But IDK if a small submarine with little or no crew, small dive depth, and relatively small payload needs all thus. If a nation-state wanted to deploy it, that could be done way more covertly.

Maybe this is not done because it does not offer any interesting military capabilities. Maybe it is done, but we don't hear about it, because it does offer some interesting capabilities which they don't want to advertise.



> But IDK if a small submarine with little or no crew, small dive depth, and relatively small payload needs all thus. If a nation-state wanted to deploy it, that could be done way more covertly.

In a way, this is tautological. Anything an organized crime group does, a nation state can do trivially, by just paying that crime group (or a similarly-sized and skilled legit group).

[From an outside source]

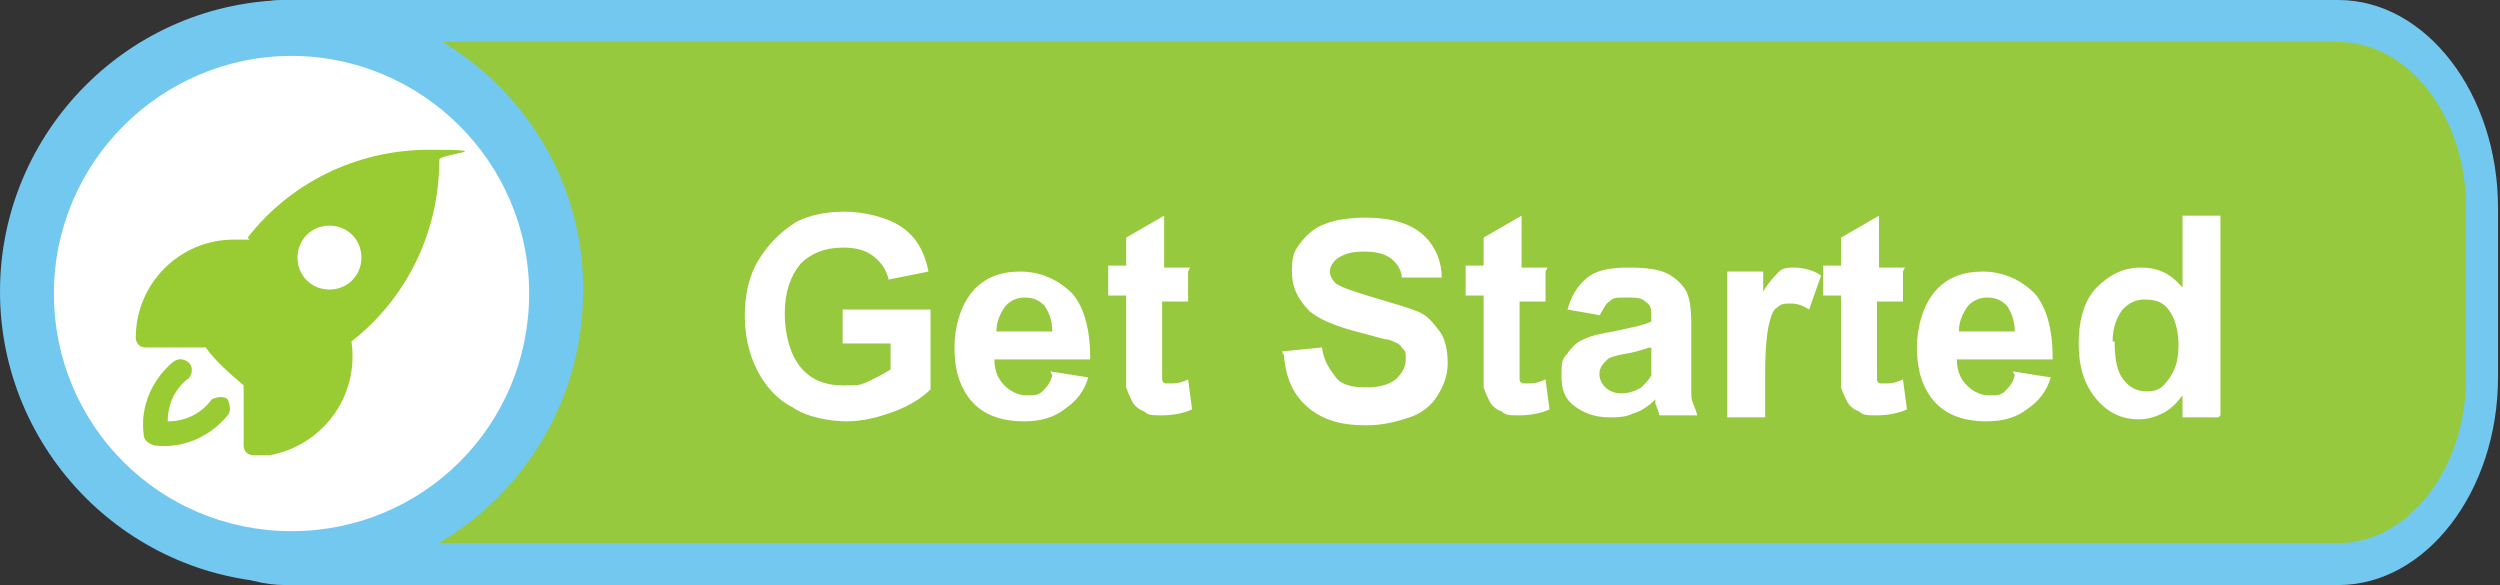 <svg xmlns="http://www.w3.org/2000/svg" id="Layer_1" data-name="Layer 1" version="1.1" viewBox="0 0 125.2 29.3"><rect x="0" y="0" width="125.2" height="29.3" fill="#333333" stroke="none"/><defs><style>.cls-1,.cls-4{fill:#73c8ef;stroke-width:0}.cls-4{fill:#fff}</style></defs><path d="M14.3 28.3c-3.9 0-7.2-4.2-7.2-9.4v-8.5c0-5.2 3.2-9.4 7.2-9.4h102.8c3.9 0 7.2 4.2 7.2 9.4v8.5c0 5.2-3.2 9.4-7.2 9.4H14.3Z" style="fill:#97c93e;stroke-width:0"/><path d="M117.1 2.1c3.5 0 6.4 3.7 6.4 8.3v8.5c0 4.6-2.9 8.3-6.4 8.3H14.3c-3.5 0-6.4-3.7-6.4-8.3v-8.5c0-4.6 2.9-8.3 6.4-8.3h102.8m0-2.1H14.3c-4.4 0-8 4.7-8 10.4v8.5c0 5.7 3.6 10.4 8 10.4h102.8c4.4 0 8-4.7 8-10.4v-8.5c0-5.7-3.6-10.4-8-10.4Z" class="cls-1"/><circle cx="14.5" cy="14.8" r="13.5" class="cls-4"/><path d="M14.6 2.8c6.5 0 11.9 5.3 11.9 11.9s-5.3 11.9-11.9 11.9S2.7 21.3 2.7 14.7c0-6.6 5.4-11.9 11.9-11.9m0-2.8C6.5 0 0 6.6 0 14.6s6.5 14.6 14.6 14.6 14.6-6.6 14.6-14.6C29.3 6.6 22.7 0 14.6 0Z" class="cls-1"/><path d="M42.2 17.2v-1.7h4.4v4c-.4.4-1 .8-1.8 1.1-.8.3-1.6.5-2.4.5s-2-.2-2.7-.7c-.8-.4-1.4-1.1-1.8-1.9-.4-.8-.6-1.7-.6-2.7s.2-2 .7-2.8 1.1-1.4 1.9-1.9c.6-.3 1.4-.5 2.4-.5s2.2.3 2.9.8c.7.5 1.1 1.2 1.3 2.2l-2 .4c-.1-.5-.4-.9-.8-1.2-.4-.3-.9-.4-1.5-.4-.9 0-1.6.3-2.1.8-.5.6-.8 1.4-.8 2.5s.3 2.1.8 2.7c.5.6 1.2.9 2.1.9s.8 0 1.3-.2c.4-.2.8-.4 1.1-.6v-1.3h-2.3ZM52.6 18.6l1.9.3c-.2.7-.6 1.2-1.2 1.6-.5.4-1.2.6-2 .6-1.3 0-2.2-.4-2.8-1.2-.5-.7-.7-1.5-.7-2.5s.3-2.1.9-2.8c.6-.7 1.4-1 2.4-1s1.9.4 2.6 1.1c.6.7.9 1.8.9 3.3h-4.8c0 .6.2 1 .5 1.3.3.3.7.5 1.1.5s.6 0 .8-.2.4-.4.5-.8Zm.1-2c0-.6-.2-1-.4-1.3-.3-.3-.6-.4-1-.4s-.8.2-1 .5-.4.7-.4 1.2h2.9ZM59.5 13.6v1.5h-1.3V19s0 .2.2.2h.3c.1 0 .4 0 .8-.2l.2 1.5c-.4.2-1 .3-1.5.3s-.7 0-.9-.2c-.3-.1-.5-.3-.6-.5-.1-.2-.2-.4-.3-.7v-4.6h-.9v-1.5h.9v-1.4l1.9-1.1v2.6h1.3ZM64.2 17.6l2-.2c.1.7.4 1.1.7 1.5s.9.5 1.5.5 1.1-.1 1.5-.4c.3-.3.5-.6.5-1s0-.4-.2-.6c-.1-.2-.4-.3-.7-.4-.2 0-.8-.2-1.6-.4-1.1-.3-1.8-.6-2.3-1-.6-.6-.9-1.2-.9-2s.1-1 .4-1.4c.3-.4.7-.8 1.3-1 .5-.2 1.2-.3 2-.3 1.3 0 2.2.3 2.8.8s1 1.3 1 2.2h-2c0-.4-.3-.8-.6-1-.3-.2-.7-.3-1.3-.3s-1 .1-1.4.4c-.2.2-.3.4-.3.6s.1.4.3.6c.3.2.9.4 1.9.7s1.7.5 2.2.7c.5.2.8.6 1.1 1 .3.4.4 1 .4 1.6s-.2 1.1-.5 1.6-.8.9-1.4 1.1c-.6.2-1.3.4-2.2.4-1.3 0-2.2-.3-2.9-.9-.7-.6-1.1-1.4-1.2-2.6ZM77.4 13.6v1.5h-1.3V19s0 .2.2.2h.3c.1 0 .4 0 .8-.2l.2 1.5c-.4.2-1 .3-1.5.3s-.7 0-.9-.2c-.3-.1-.5-.3-.6-.5-.1-.2-.2-.4-.3-.7v-4.6h-.9v-1.5h.9v-1.4l1.9-1.1v2.6h1.3ZM80.2 15.8l-1.7-.3c.2-.7.5-1.2 1-1.6s1.2-.5 2.1-.5 1.5.1 1.9.3c.4.2.7.5.9.8.2.3.3.9.3 1.7v3.6c0 .3.2.6.3 1h-1.9c0-.1-.1-.3-.2-.6V20c-.3.3-.7.6-1.1.7-.4.2-.8.2-1.2.2-.7 0-1.3-.2-1.8-.6s-.6-.9-.6-1.5 0-.8.3-1.1c.2-.3.5-.6.8-.7.4-.2.9-.3 1.5-.4.9-.2 1.5-.3 1.9-.5v-.2c0-.4 0-.6-.3-.8-.2-.2-.5-.2-1-.2s-.6 0-.8.2c-.2.1-.3.4-.5.7Zm2.5 1.6c-.2 0-.6.2-1.2.3s-.9.2-1 .3c-.2.2-.4.4-.4.7s.1.5.3.7c.2.2.5.3.8.3s.7-.1 1-.3c.2-.2.4-.4.5-.6v-1.3ZM88.4 20.9h-1.9v-7.3h1.8v1c.3-.5.6-.8.8-1 .2-.2.5-.2.8-.2s.9.1 1.3.4l-.6 1.7c-.3-.2-.6-.3-.9-.3s-.5 0-.7.2c-.2.1-.3.4-.4.8-.1.4-.2 1.2-.2 2.4v2.2ZM95.3 13.6v1.5H94V19s0 .2.2.2h.3c.1 0 .4 0 .8-.2l.2 1.5c-.4.2-1 .3-1.5.3s-.7 0-.9-.2c-.3-.1-.5-.3-.6-.5-.1-.2-.2-.4-.3-.7v-4.6h-.9v-1.5h.9v-1.4l1.9-1.1v2.6h1.3ZM100.8 18.6l1.9.3c-.2.7-.6 1.2-1.2 1.6-.5.4-1.2.6-2 .6-1.3 0-2.2-.4-2.8-1.2-.5-.7-.7-1.5-.7-2.5s.3-2.1.9-2.8c.6-.7 1.4-1 2.4-1s1.9.4 2.6 1.1c.6.7.9 1.8.9 3.3H98c0 .6.2 1 .5 1.3.3.3.7.5 1.1.5s.6 0 .8-.2.4-.4.5-.8Zm.1-2c0-.6-.2-1-.4-1.3-.3-.3-.6-.4-1-.4s-.8.2-1 .5-.4.7-.4 1.2h2.9ZM111.1 20.9h-1.8v-1.1c-.3.4-.6.7-1 .9-.4.2-.8.3-1.2.3-.8 0-1.5-.3-2.1-1-.6-.7-.9-1.6-.9-2.8s.3-2.2.9-2.8c.6-.6 1.3-1 2.2-1s1.5.3 2.1 1v-3.6h1.9v10Zm-5.2-3.8c0 .8.1 1.3.3 1.7.3.5.7.8 1.3.8s.8-.2 1.1-.6c.3-.4.5-.9.5-1.7s-.2-1.4-.5-1.8c-.3-.4-.7-.5-1.2-.5s-.8.2-1.1.5c-.3.4-.5.9-.5 1.6Z" class="cls-4"/><path d="M12.4 11.9c2.1-2.7 5.4-4.4 9.1-4.4s.5.2.5.5c0 3.7-1.7 7-4.4 9.1.4 2.7-1.4 5.2-4.1 5.7h-.8c-.3 0-.5-.2-.5-.5v-3c-.7-.6-1.4-1.2-1.9-1.9h-3c-.3 0-.5-.2-.5-.5 0-2.7 2.2-4.9 4.9-4.9h.8Zm4.1-.6c-.9 0-1.6.7-1.6 1.6s.7 1.6 1.6 1.6 1.6-.7 1.6-1.6-.7-1.6-1.6-1.6Z" style="fill:#9c3;fill-rule:evenodd;stroke-width:0"/><path d="M9.4 19c.2-.2.3-.5.1-.8-.2-.2-.5-.3-.8-.1-1.1.9-1.7 2.3-1.5 3.7 0 .2.2.4.5.5 1.4.2 2.8-.4 3.7-1.5.2-.2.1-.6 0-.8-.2-.2-.6-.1-.8 0-.5.7-1.3 1.1-2.2 1.1 0-.9.4-1.7 1.1-2.2Z" style="fill:#9c3;stroke-width:0"/></svg>

The right question is, as you point out, whether it's useful for a nation state to do this. Most of the time it probably isn't - cold war is as much about capability as it is about advertising the capability to the adversaries. If the Russians - or the Chinese, or the Americans - aren't bragging about it, they probably aren't using it in a meaningful fashion.


The North Koreans and Iranians are using very small submarines, similar to the ones under discussion here, probably for similar roles (covert infiltration of people and goods). And similarly, operational security is probably the most important part of their mission as well.

The US fills the same need with the Shallow Water Combat Submersible, delivered close to the target by another submarine in a Dry Deck Shelter. But that's because the US Navy has focused on long range operations.